For this set up, the span (S) of the barrel vault was kept at a constant of 150mm. The range of variance of the heights (H) were set  between 100mm and 200mm, with 50mm increments.  The base width (W) equaled the thickness of the nozzle to be used during the prototyping. The aim here was to test the parameters as well as to make observations of successes and failures of the 3D printing processes in printing simple vaults.

Catalogue A: Drawing setup

A catalogue of 5 simple geometries was created using Rhino + Grasshopper and structural analysis was performed using Karamba 3D. The structural analysis conducted  suggested that all five geometries would experience structural failure.

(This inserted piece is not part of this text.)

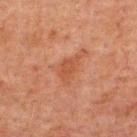Clinical impression: No biopsy was performed on this lesion — it was imaged during a full skin examination and was not determined to be concerning. Context: The lesion is on the upper back. A 15 mm close-up tile from a total-body photography series done for melanoma screening. A male patient approximately 60 years of age.

Using a nozzle size of 3mm and a slicing distance of 1.5mm, prints were made in order of sample A01 to A04 – lowest  to highest in height, keeping the span fixed. The results are as seen above. Sample A01 collapsed at layer 30 while A02 and A03 collapsed at layer 34 each. Sample A04 collapsed at layer 24. Based on these results and those from the structural analysis, A05 was assumed to be compromised and was therefore not printed. The table below shows the print results.

Catalogue A: Findings

All four geometries failed and collapsed. The collapses occurred due to the reasons below:

  • Very narrow Base Width; this resulted in a small base area/footprint for any of the prints to take on the distribution of mass without buckling under self weight. Also, in this state, the geometry is considered to have low global inertia, which only gets worse with every additional layer of print.
  • Deviation from Center of gravity; As the base is too narrow, it takes very little to push the Center of gravity away from the base. The prints would therefore not follow the arch line of the barrel vault successfully and would fail around layer 25 – 30.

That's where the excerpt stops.